Requiem for a Squirrel
By Bruce Bawer
Ten years ago, I wrote an article that was largely about Marius, a healthy and beloved young giraffe at the Copenhagen Zoo who was euthanized after zoo officials declared him “a ‘surplus’ giraffe because ‘his genes were well represented among the captive giraffe population in European zoos.” When the plan to kill him was announced, several other zoos offered to take Marius. But Bengt Holst, the Copenhagen Zoo’s scientific director, was undeterred. “Marius,” I wrote, “was tranquilized, killed with a shotgun, autopsied, and fed to lions – all in front of zoogoers, including both adults and children.” International outrage ensued. Holst swatted away all complaints as examples of sheer sentimentality: “A giraffe is not a pet; it’s not like a dog or cat that becomes part of the family.”
Why name him, then? Yes, said Holst, Marius could have been sent to another zoo, but his continued existence would have raised the danger of inbreeding. So why not sterilize him? Because sterilization can cause renal problems and also because “[b]reeding and parenting are especially important behaviors for a giraffe’s well-being. We didn’t want to interfere with that.” What about selling him to the millionaire who was prepared to give him a home? No, said Holst, giraffes want to be around other giraffes. Okay, but why let children watch Marius being killed and eaten? Because “zoos have an obligation ‘not to make nature into a Disney World.’” So it’s better to turn a zoo into a slaughterhouse?

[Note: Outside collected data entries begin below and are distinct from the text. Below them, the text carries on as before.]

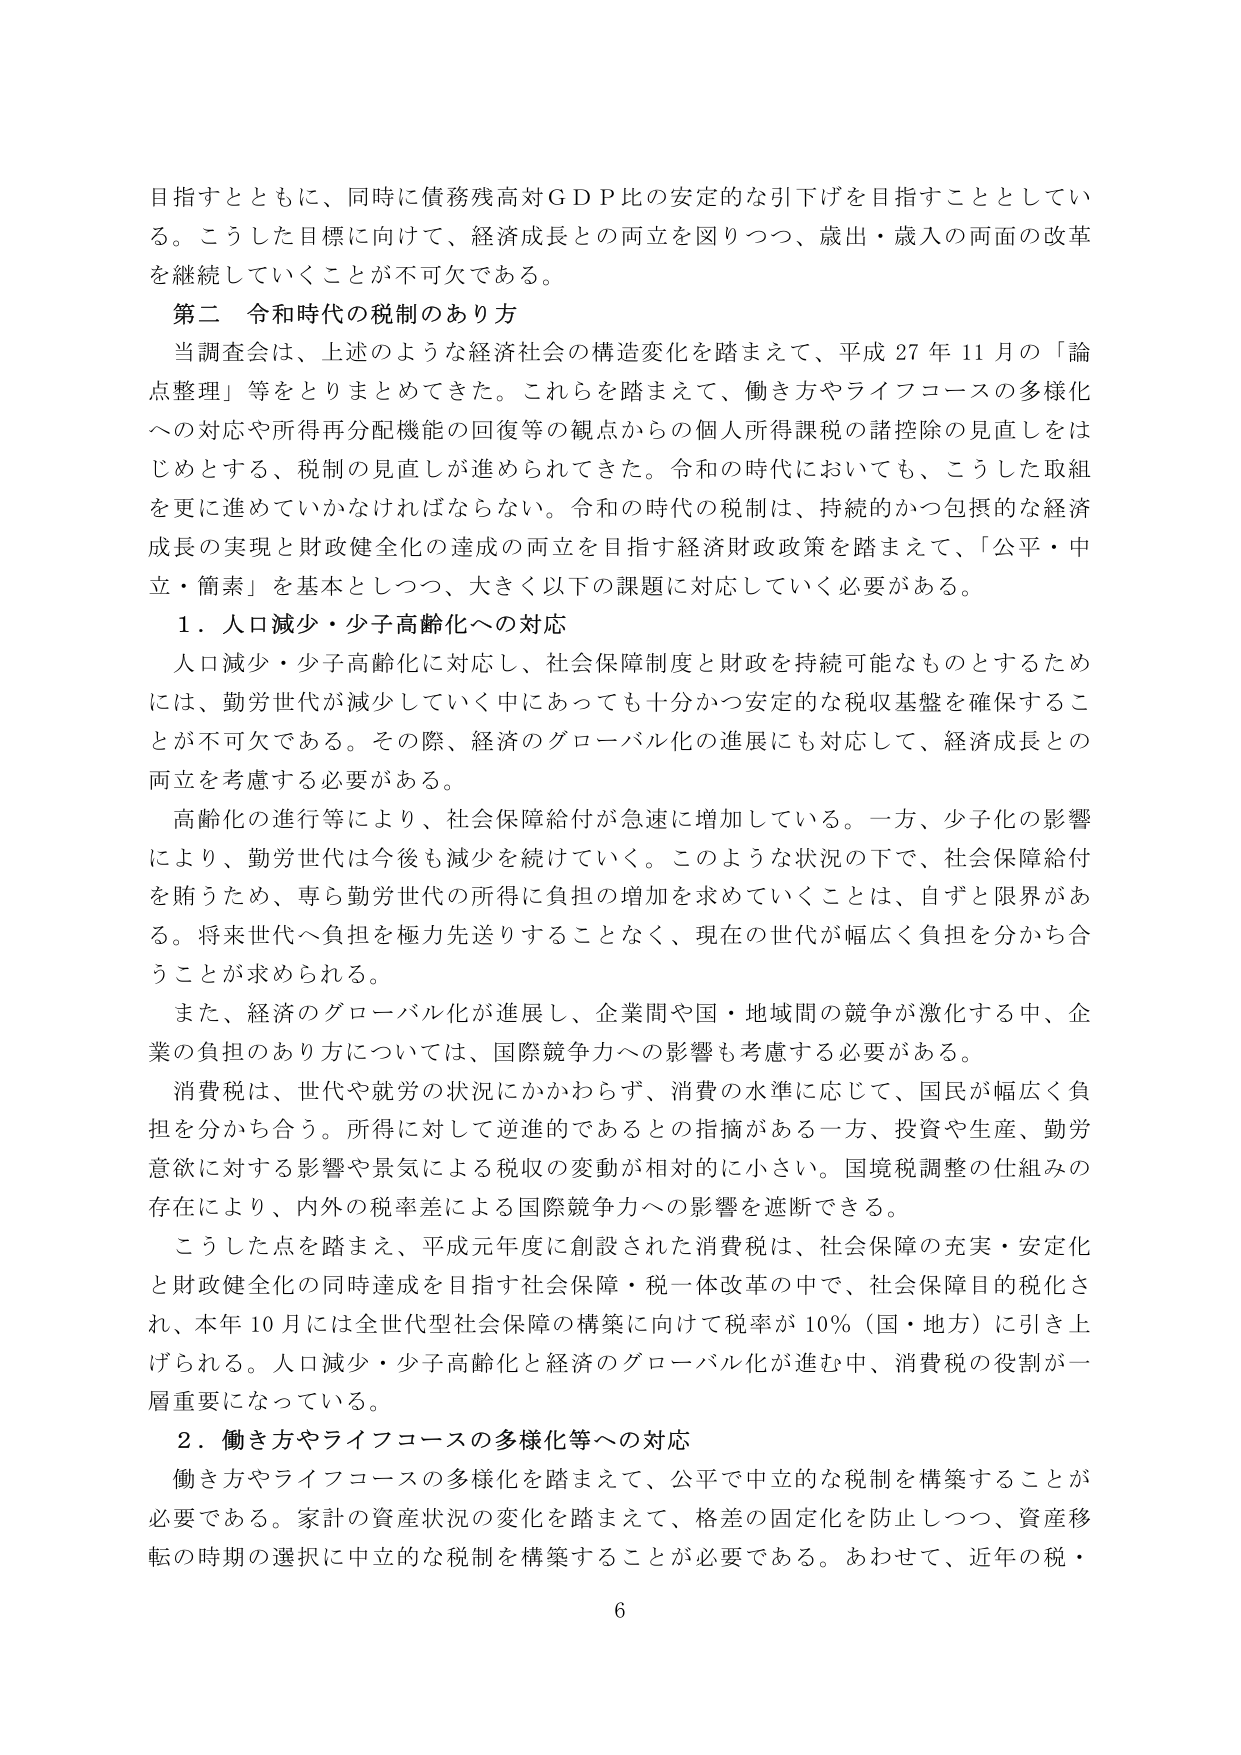
目指すとともに、同時に債務残高対ＧＤＰ比の安定的な引下げを目指すこととしている。こうした目標に向けて、経済成長との両立を図りつつ、歳出・歳入の両面の改革を継続していくことが不可欠である。

第二 令和時代の税制のあり方

当調査会は、上述のような経済社会の構造変化を踏まえて、平成27年11月の「論点整理」等をとりまとめてきた。これらを踏まえて、働き方やライフコースの多様化への対応や所得再分配機能の回復等の観点からの個人所得課税の諸控除の見直しをはじめとする、税制の見直しが進められてきた。令和の時代においても、こうした取組を更に進めていかなければならない。令和の時代の税制は、持続的かつ包摂的な経済成長の実現と財政健全化の達成の両立を目指す経済財政政策を踏まえて、「公平・中立・簡素」を基本としつつ、大きく以下の課題に対応していく必要がある。

１．人口減少・少子高齢化への対応

人口減少・少子高齢化に対応し、社会保障制度と財政を持続可能なものとするためには、勤労世代が減少していく中であっても十分かつ安定的な税収基盤を確保することが不可欠である。その際、経済のグローバル化の進展にも対応して、経済成長との両立を考慮する必要がある。

高齢化の進行等により、社会保障給付が急速に増加している。一方、少子化の影響により、勤労世代は今後も減少を続けていく。このような状況の下で、社会保障給付を賄うため、専ら勤労世代の所得に負担の増加を求めていくことは、自ずと限界がある。将来世代へ負担を極力先送りすることなく、現在の世代が幅広く負担を分かち合うことが求められる。

また、経済のグローバル化が進展し、企業間や国・地域間の競争が激化する中、企業の負担のあり方については、国際競争力への影響も考慮する必要がある。

消費税は、世代や就労の状況にかかわらず、消費の水準に応じて、国民が幅広く負担を分かち合う。所得に対して逆進的であるとの指摘がある一方、投資や生産、勤労意欲に対する影響や景気による税収の変動が相対的に小さい。国境税調整の仕組みの存在により、内外の税率差による国際競争力への影響を遮断できる。

こうした点を踏まえ、平成元年度に創設された消費税は、社会保障の充実・安定化と財政健全化の同時達成を目指す社会保障・税一体改革の中で、社会保障目的税化され、本年10月には全世代型社会保障の構築に向けて税率が10％（国・地方）に引き上げられる。人口減少・少子高齢化と経済のグローバル化が進む中、消費税の役割が一層重要になっている。

２．働き方やライフコースの多様化等への対応

働き方やライフコースの多様化を踏まえて、公平で中立的な税制を構築することが必要である。家計の資産状況の変化を踏まえて、格差の固定化を防止しつつ、資産移転の時期の選択に中立的な税制を構築することが必要である。あわせて、近年の税・

6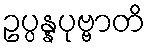
ဥပ္ပန္နပုဗ္ဗာတိ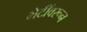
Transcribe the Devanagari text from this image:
भेटींवरून

In short, death was the best option. In this view, Holst was backed up by some (but not all) other animal professionals. (Jack Hanna of the Columbus Zoo, a frequent Tonight Show guest, “said he would have paid for Marius with his own money.”) As I commented at the time, people like Holst “are certain that they are noble and good. They believe in the cycle of life. They believe in quality of life. They just don’t happen to believe in the individual life. In fact, they view the individual life as getting in the way of things they value more – breeding programs, the ecosystem, and so on. They regard people who focus on the individual life as childlike sentimentalists who don’t grasp that every individual life is only part of a larger design, a ‘bigger picture,’ and should be extinguished the moment it becomes burdensome or inconvenient.” I added that Holst “would probably protest that he does care about the individual life. After all, he killed Marius partly because he didn’t want him to live a less than ideal life. Better to die than experience renal problems or other side effects. Better to die than endure ‘lesser standards of welfare.’ Better to die, you see, than not experience parenthood. Better to die than be without the company of other giraffes.”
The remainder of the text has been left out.